The Yadkin Ripple
- Type: Weekly newspaper (Published Thursday afternoons)
- Format: Broadsheet
- Owner: Adams MultiMedia
- Publisher: Sandra Hurley
- Editor: Kitsey Burns Harrison
- Founded: 1892
- Headquarters: 115 Jackson Street Yadkinville, North Carolina 27055 United States
- Country: United States
- Circulation: 864 (as of 2021)
- Website: yadkinripple.com

= The Yadkin Ripple =

Newspaper in Yadkinville, North Carolina

The Yadkin Ripple is a weekly newspaper based in Yadkinville, North Carolina. It was first published in East Bend, North Carolina, on October 18, 1892.

The Ripple, published on Thursdays, was purchased in June 2007 by Heartland Publications. It shares a publisher and its production staff with The Tribune in Elkin and is printed at The Mount Airy News.

== History ==
Mattie Johnson Hall, who used the pseudonym "Meddlesome Mattie," started The Ripple in East Bend in 1892. She named it after watching a ripple over a dam on the Yadkin River. In 1896, the paper was sold to attorney Elisha Stanford who moved the offices to Yadkinville. She in-turn sold The Ripple to Samuel Carter (S. Carter) Williams who in 1909 sold the publication to Mr Rutledge.
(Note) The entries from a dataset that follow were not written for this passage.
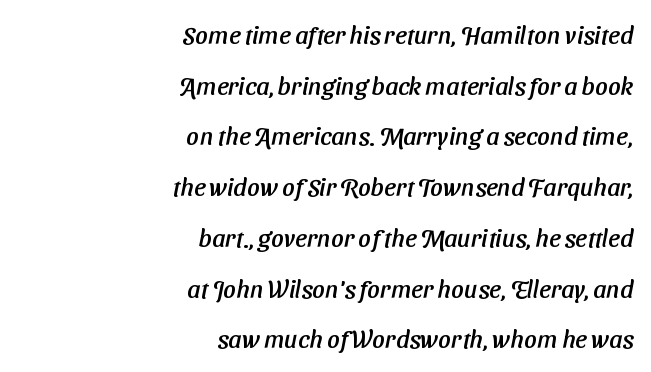
{"underline": "no", "align": "right", "line_spacing": "loose", "line_spacing_ratio": 2.03, "letter_spacing": "normal", "letter_spacing_em": 0.0, "glyph_px": 25}
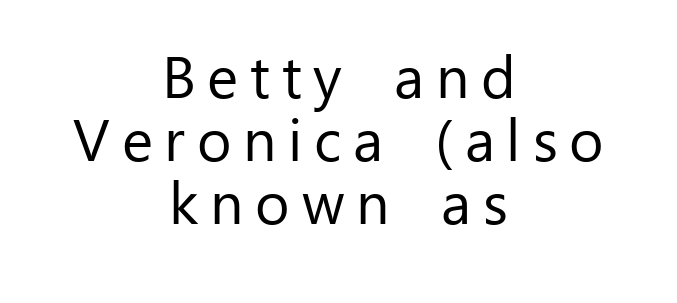
Q: Is the text bold? A: No.
Q: Is the text italic (slanted)? A: No, it is upright.
Q: Is the typeface a serif or a sans-serif typeface? A: Sans-serif.
Q: Is the text underlined? A: No.
Q: How is the paragraph aligned? A: Centered.
Q: Is the spacing between letters normal or unusually wide? A: Unusually wide.
Q: Is the spacing between lines tight, normal or loose? A: Tight.
Q: Width (condensed, normal, or wide)? A: Normal.
Q: Stroke contrast? A: Low.
Q: x-height? A: Medium.
Q: Monospaced? A: No.
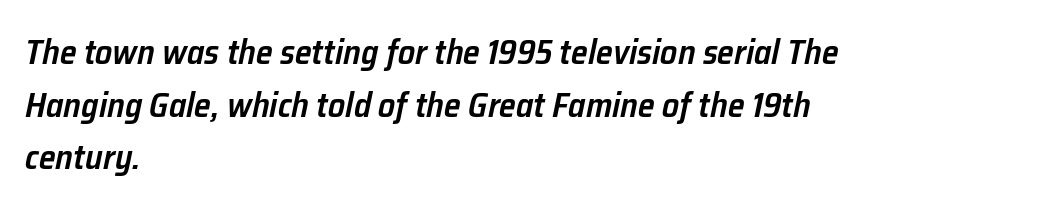
Q: Is the text bold? A: Semi-bold.
Q: Is the text italic (slanted)? A: Yes, it leans right by about 12 degrees.
Q: Is the text underlined? A: No.
Q: How is the paragraph aligned? A: Left-aligned.
Q: Is the spacing between letters normal or unusually wide? A: Normal.
Q: Is the spacing between lines tight, normal or loose? A: Normal.
Q: Width (condensed, normal, or wide)? A: Normal.
Q: Stroke contrast? A: Low.
Q: x-height? A: Medium.
Q: Monospaced? A: No.
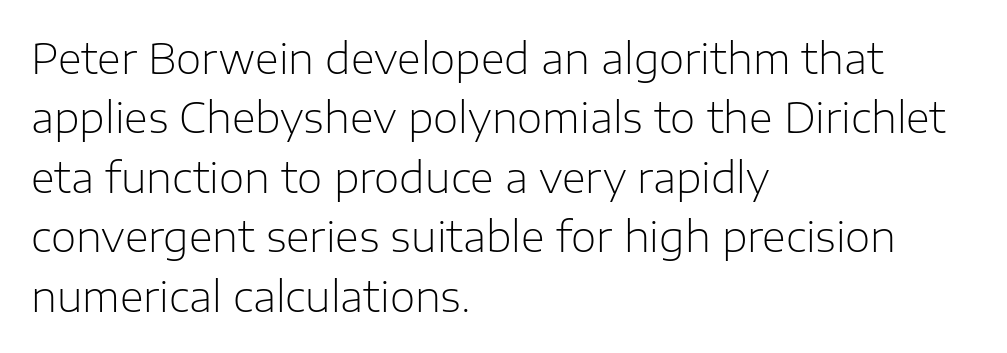
Q: Is the text bold? A: No.
Q: Is the text italic (slanted)? A: No, it is upright.
Q: Is the typeface a serif or a sans-serif typeface? A: Sans-serif.
Q: Is the text underlined? A: No.
Q: How is the paragraph aligned? A: Left-aligned.
Q: Is the spacing between letters normal or unusually wide? A: Normal.
Q: Is the spacing between lines tight, normal or loose? A: Normal.
Q: Width (condensed, normal, or wide)? A: Normal.
Q: Stroke contrast? A: Low.
Q: x-height? A: Medium.
Q: Monospaced? A: No.

In 1909, it was sold to W.E. Rutledge Sr. (November 13, 1887 - April 2, 1966). Rutledge was owner, editor and publisher of the paper until his death in 1966. The paper remained in the Rutledge family until 2002 when it was sold to Mid-South Management Company Inc. of Spartanburg, South Carolina. The Yadkin Enterprise, another weekly Yadkinville newspaper, then merged into The Ripple.

In June 2007, The Ripple and its sister publications were sold to Heartland Publications LLC of Connecticut. A week after the sale, Rebel Good, publisher of The Ripple and The Tribune, left his position along with a number of senior staffers. Good and former Mount Airy News publisher Michael Milligan plan to launch a newspaper to compete with The Mount Airy News.

In 2012 Versa Capital Management merged Heartland Publications, Ohio Community Media, the former Freedom papers it had acquired, and Impressions Media into a new company, Civitas Media. Civitas Media sold its properties in the Carolinas to Champion Media in 2017. Later in 2017, Champion Media sold its Mount Airy area newspapers to Adams Publishing Group.